[[ RECORDS FOR THIS EXERCISE, beginning ]]
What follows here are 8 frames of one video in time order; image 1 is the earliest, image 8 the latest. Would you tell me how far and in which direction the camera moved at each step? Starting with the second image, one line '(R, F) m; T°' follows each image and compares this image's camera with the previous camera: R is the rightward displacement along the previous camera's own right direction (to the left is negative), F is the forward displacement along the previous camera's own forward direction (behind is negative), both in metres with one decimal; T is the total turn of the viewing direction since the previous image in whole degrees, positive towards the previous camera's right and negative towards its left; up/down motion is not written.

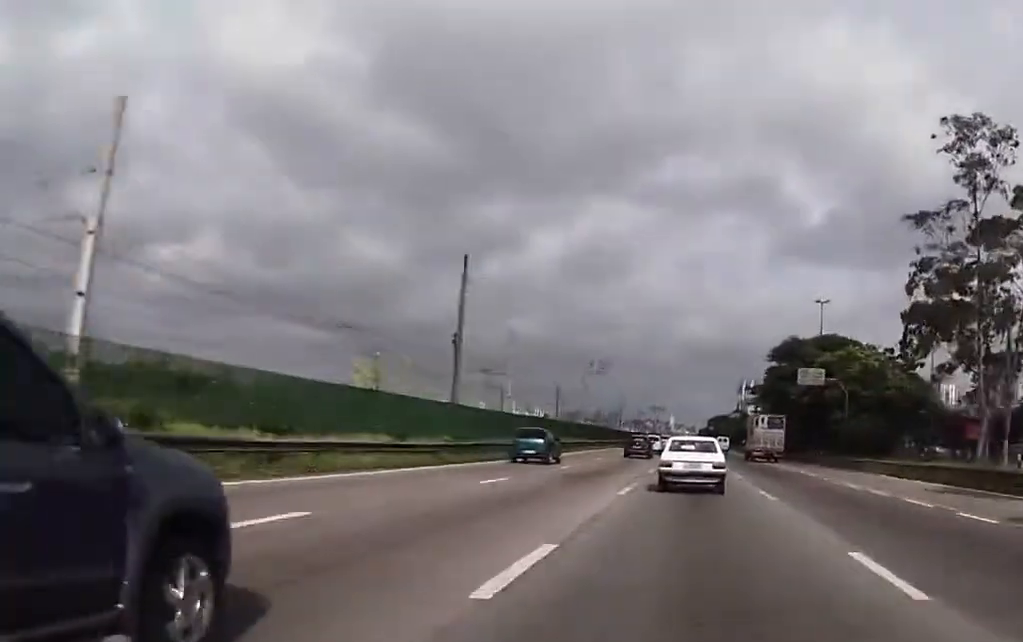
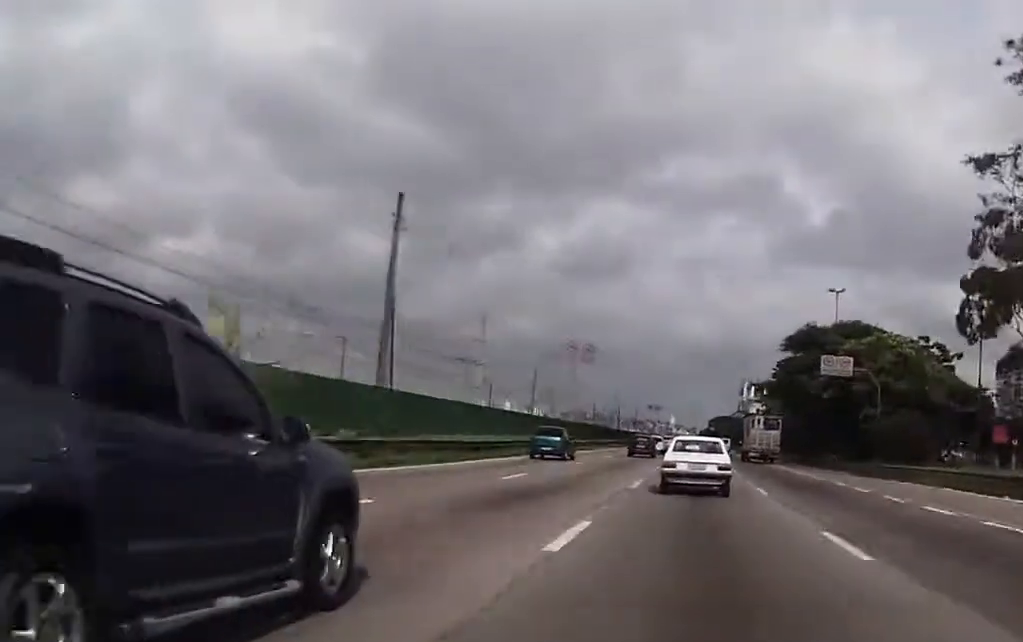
(+0.1, +10.1) m; 0°
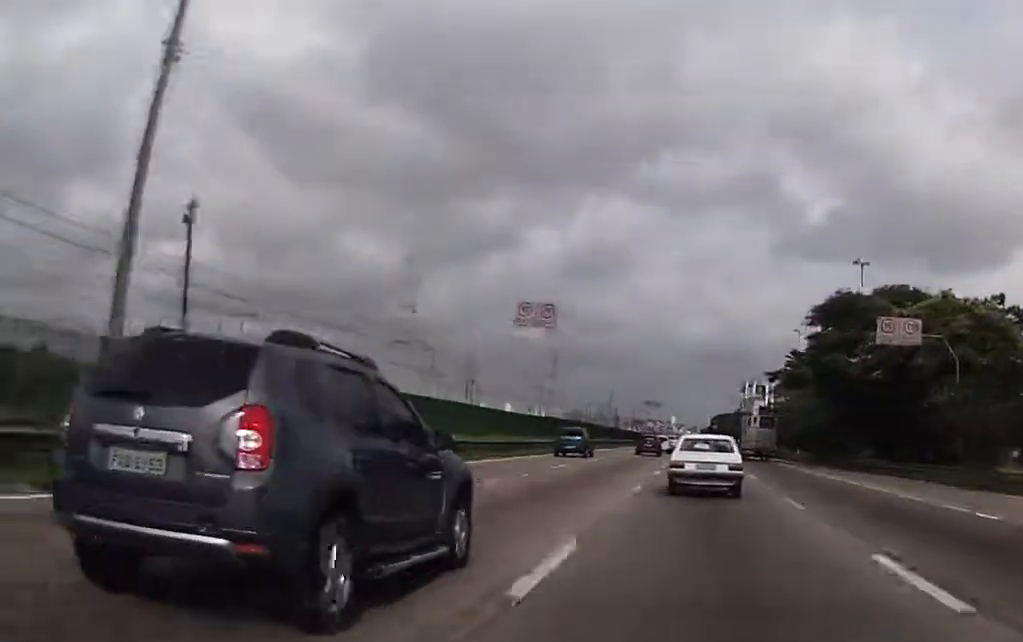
(-0.2, +14.8) m; +1°
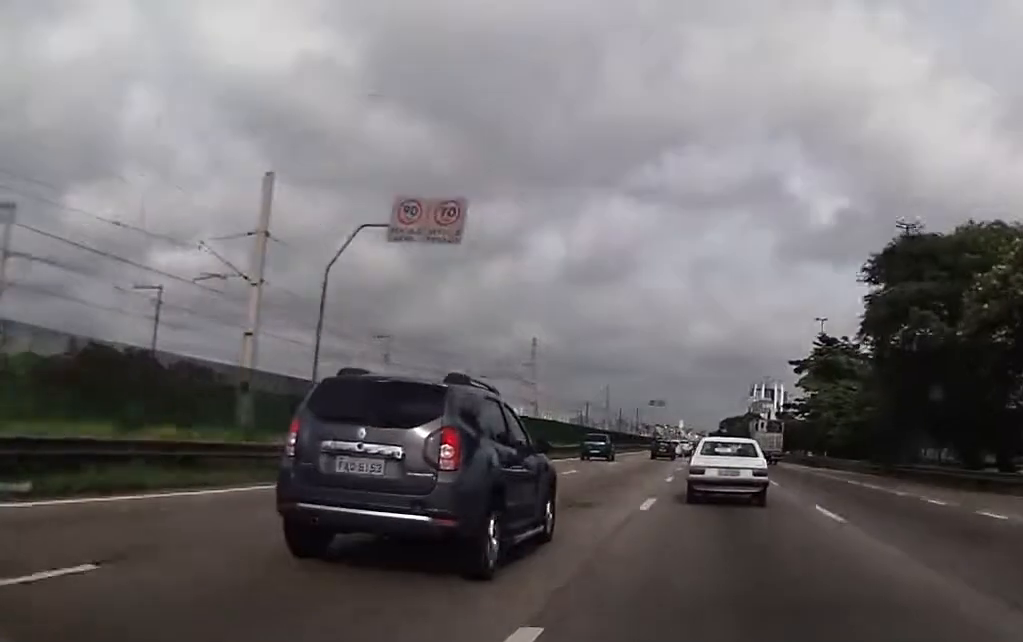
(+0.3, +16.1) m; 0°
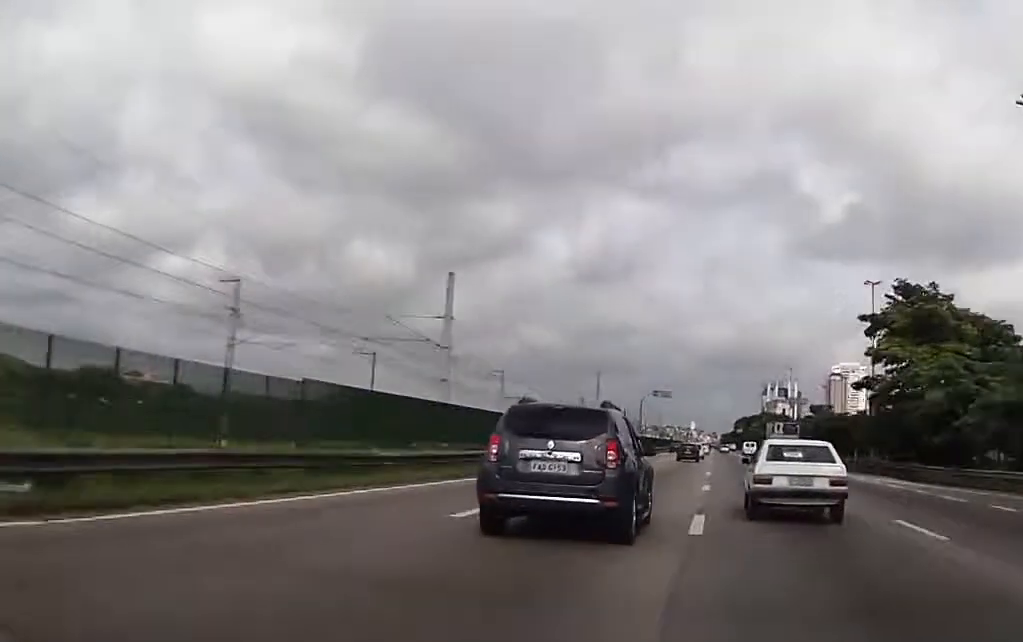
(-0.6, +26.3) m; -1°
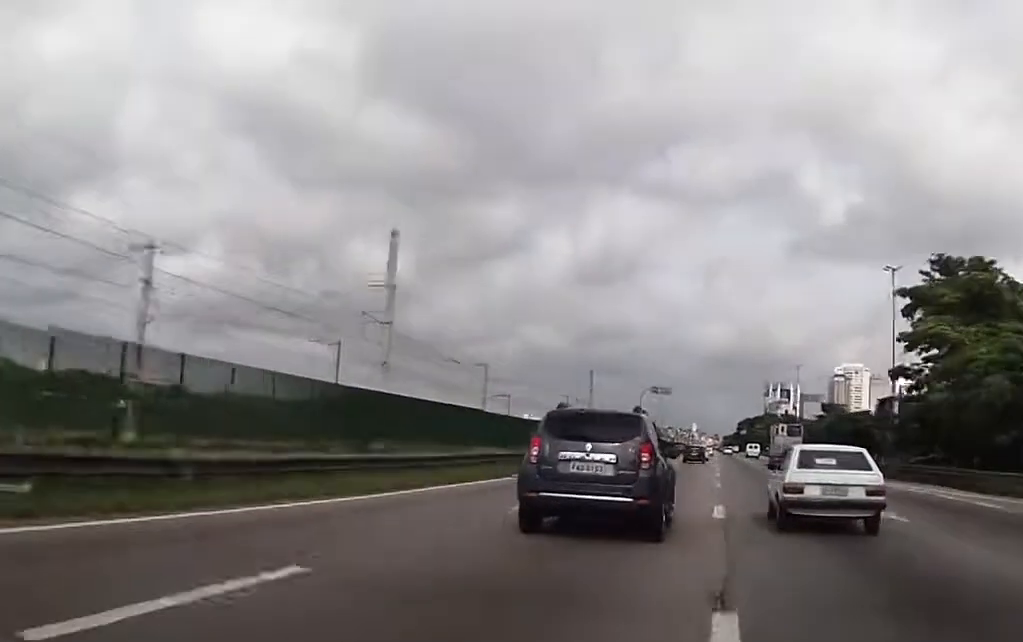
(+0.2, +8.4) m; +1°
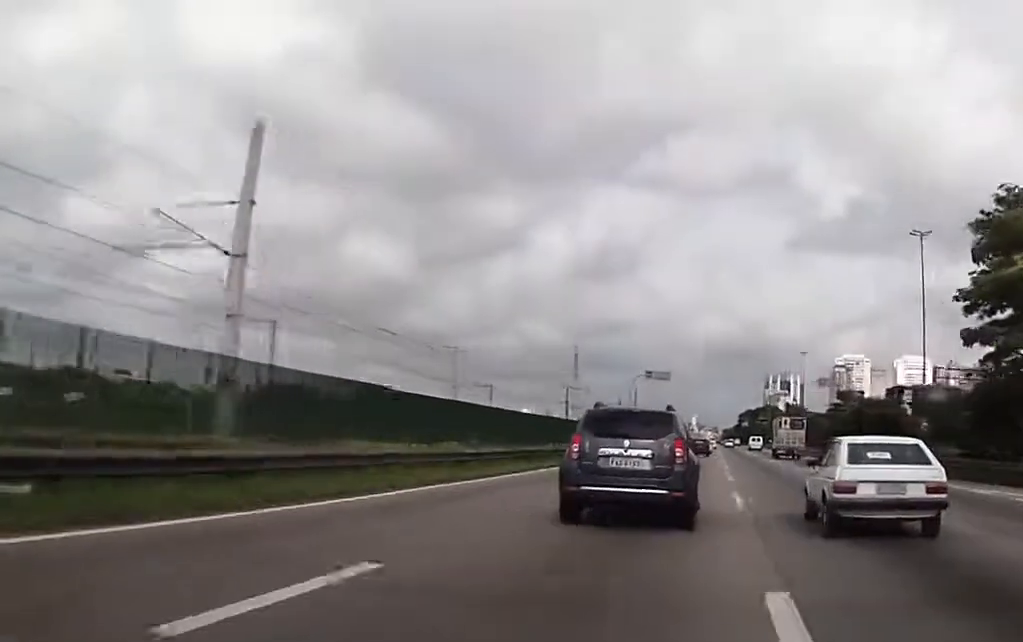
(+0.1, +11.1) m; +1°
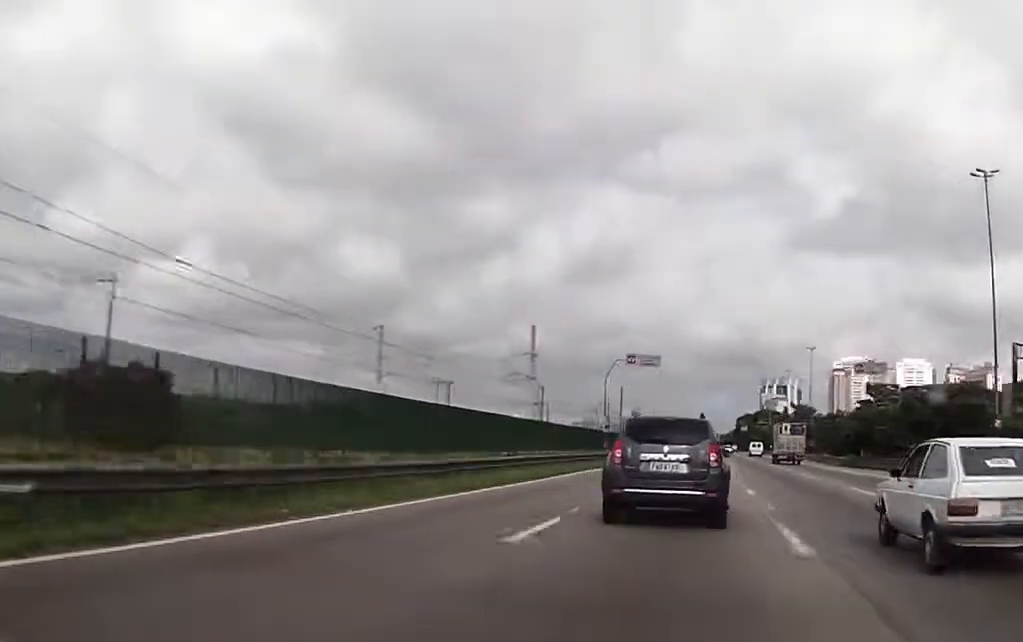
(0.0, +18.0) m; -1°
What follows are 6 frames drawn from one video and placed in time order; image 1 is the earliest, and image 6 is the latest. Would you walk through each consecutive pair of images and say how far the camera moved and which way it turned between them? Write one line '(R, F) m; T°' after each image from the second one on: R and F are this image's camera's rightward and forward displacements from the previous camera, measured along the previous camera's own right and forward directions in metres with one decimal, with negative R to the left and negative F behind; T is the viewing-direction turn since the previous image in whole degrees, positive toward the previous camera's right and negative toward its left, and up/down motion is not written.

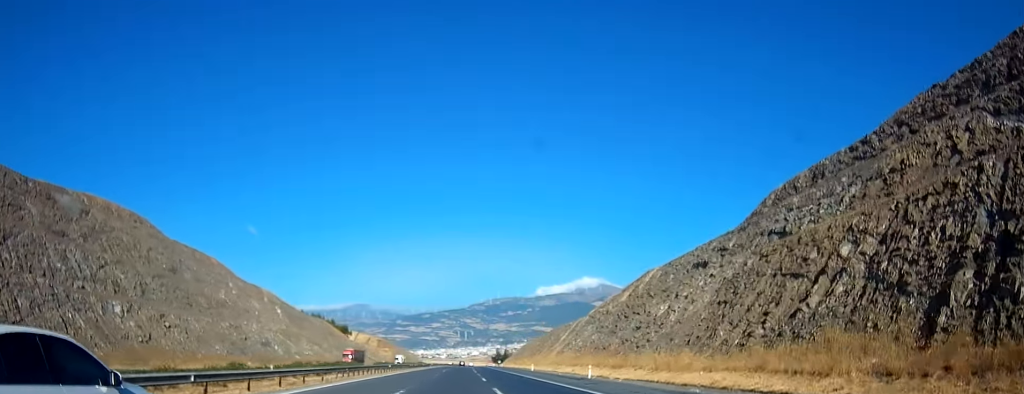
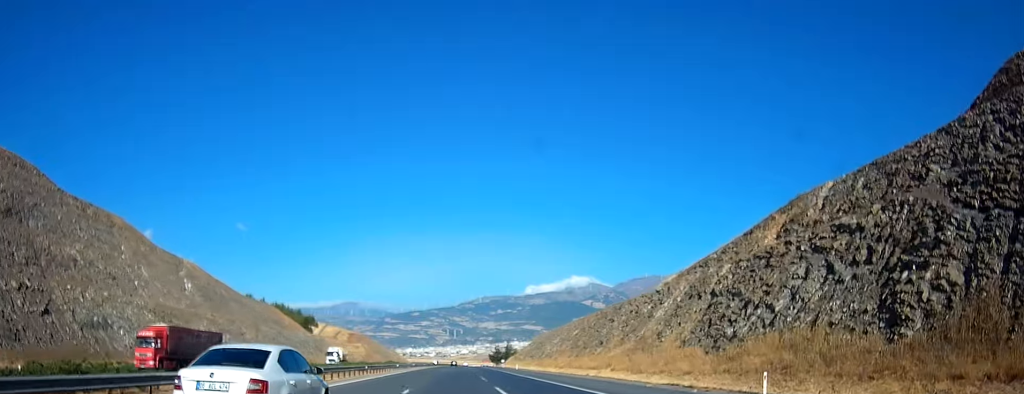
(+0.8, +63.9) m; +1°
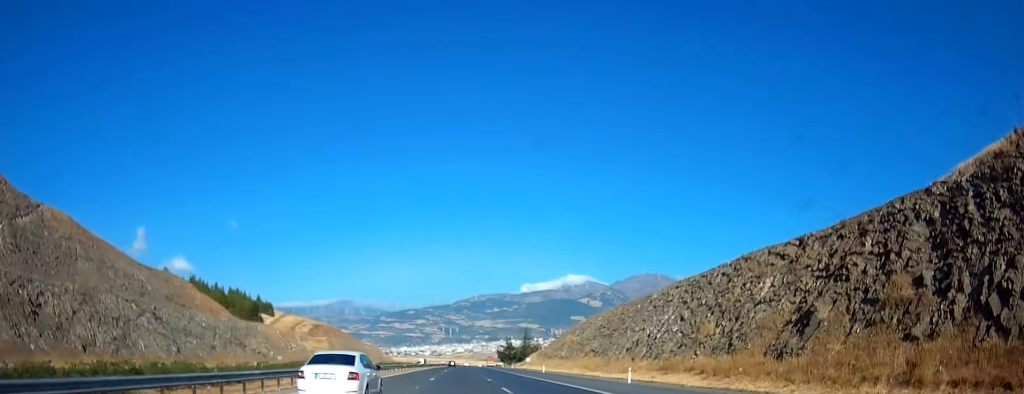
(-0.8, +67.6) m; -1°
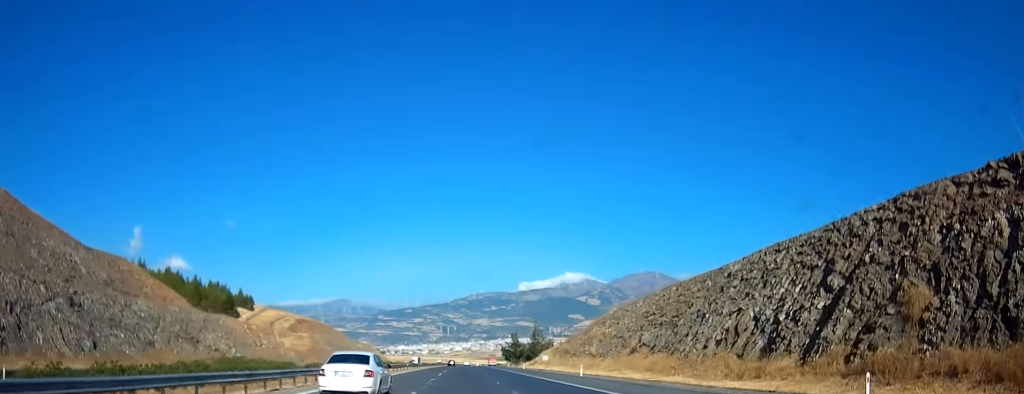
(+0.3, +22.2) m; 0°
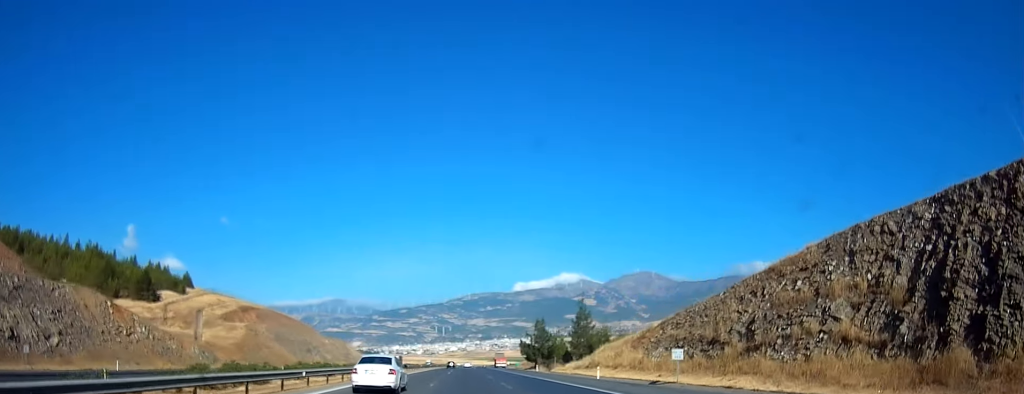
(+0.4, +52.9) m; +1°
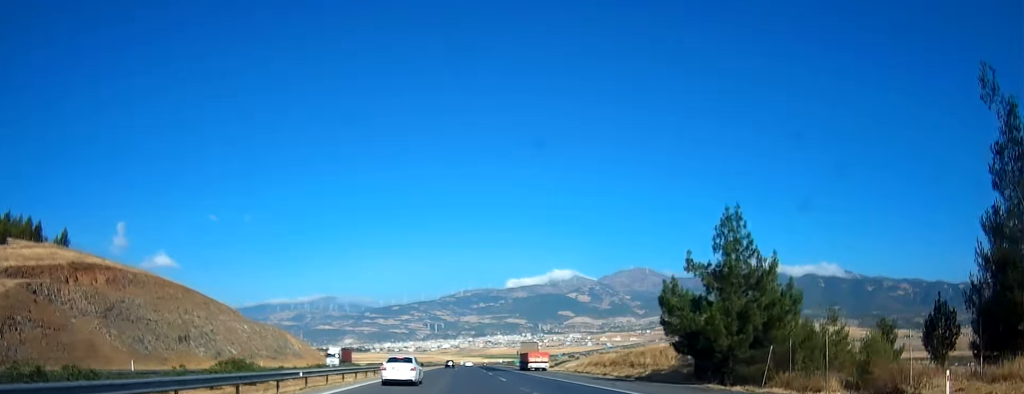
(+1.0, +73.9) m; 0°
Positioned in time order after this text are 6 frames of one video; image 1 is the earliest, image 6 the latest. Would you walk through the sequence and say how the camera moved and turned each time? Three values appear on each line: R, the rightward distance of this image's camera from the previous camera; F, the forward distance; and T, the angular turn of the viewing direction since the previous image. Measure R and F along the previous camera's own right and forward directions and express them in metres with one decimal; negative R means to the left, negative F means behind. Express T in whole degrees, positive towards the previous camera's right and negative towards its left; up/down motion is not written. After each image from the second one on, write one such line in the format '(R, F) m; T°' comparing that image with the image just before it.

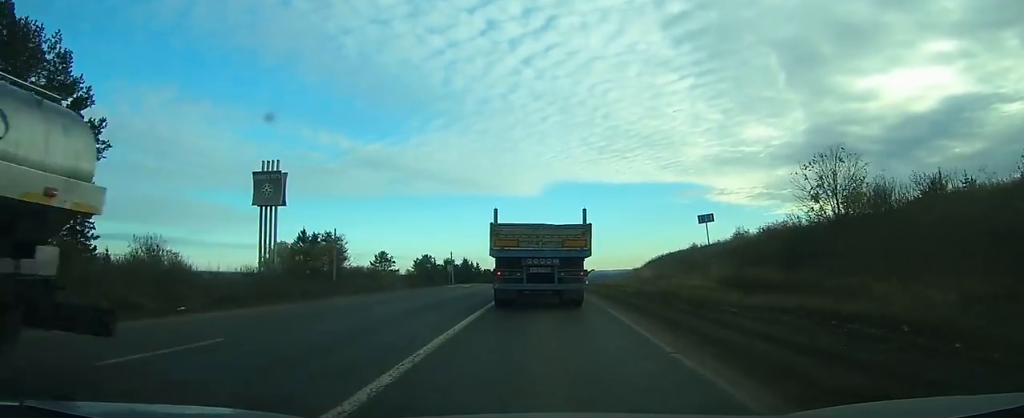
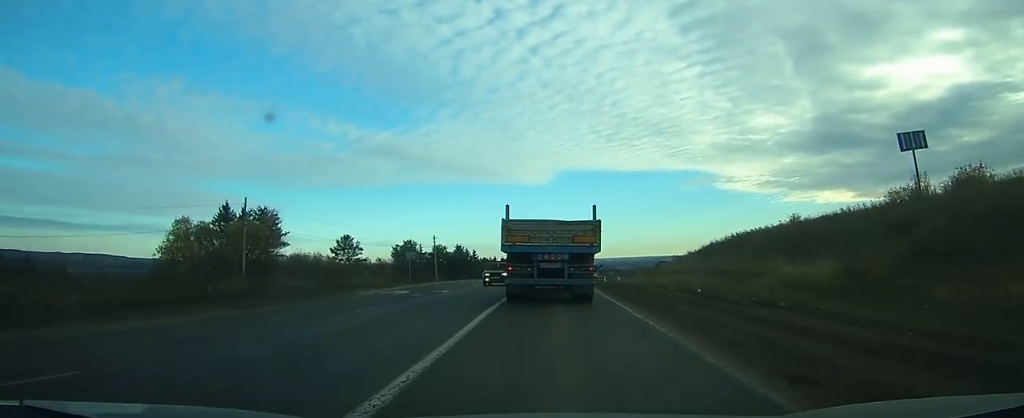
[[ RECORDS FOR THIS EXERCISE, end ]]
**ACTION ITEM:** Please copy out the entries above exactly as they appear, but skip their images.

**SOLVED EXERCISE:**
What follows here are 8 frames of one video in time order; image 1 is the earliest, image 8 the latest. Would you tell me how far and in which direction the camera moved at each step? Starting with the second image, one line '(R, F) m; T°' follows each image and compares this image's camera with the previous camera: R is the rightward displacement along the previous camera's own right direction (to the left is negative), F is the forward displacement along the previous camera's own forward direction (behind is negative), both in metres with one decimal; T is the total turn of the viewing direction since the previous image in whole degrees, positive towards the previous camera's right and negative towards its left; up/down motion is not written.

(+0.1, +10.1) m; 0°
(-0.2, +14.8) m; +1°
(+0.3, +16.1) m; 0°
(-0.6, +26.3) m; -1°
(+0.2, +8.4) m; +1°
(+0.1, +11.1) m; +1°
(0.0, +18.0) m; -1°
What follows are 6 frames drawn from one video and placed in time order; image 1 is the earliest, and image 6 is the latest. Would you walk through each consecutive pair of images and say how far the camera moved and which way it turned between them? Write one line '(R, F) m; T°' after each image from the second one on: R and F are this image's camera's rightward and forward displacements from the previous camera, measured along the previous camera's own right and forward directions in metres with one decimal, with negative R to the left and negative F behind; T is the viewing-direction turn since the previous image in whole degrees, positive toward the previous camera's right and negative toward its left, and up/down motion is not written.

(+0.8, +63.9) m; +1°
(-0.8, +67.6) m; -1°
(+0.3, +22.2) m; 0°
(+0.4, +52.9) m; +1°
(+1.0, +73.9) m; 0°
Positioned in time order after this text are 6 frames of one video; image 1 is the earliest, image 6 the latest. Would you walk through the sequence and say how the camera moved and turned each time? Three values appear on each line: R, the rightward distance of this image's camera from the previous camera; F, the forward distance; and T, the angular turn of the viewing direction since the previous image. Measure R and F along the previous camera's own right and forward directions and express them in metres with one decimal; negative R means to the left, negative F means behind. Express T in whole degrees, positive towards the previous camera's right and negative towards its left; up/down motion is not written. After each image from the second one on, write one such line in the format '(R, F) m; T°' comparing that image with the image just before it.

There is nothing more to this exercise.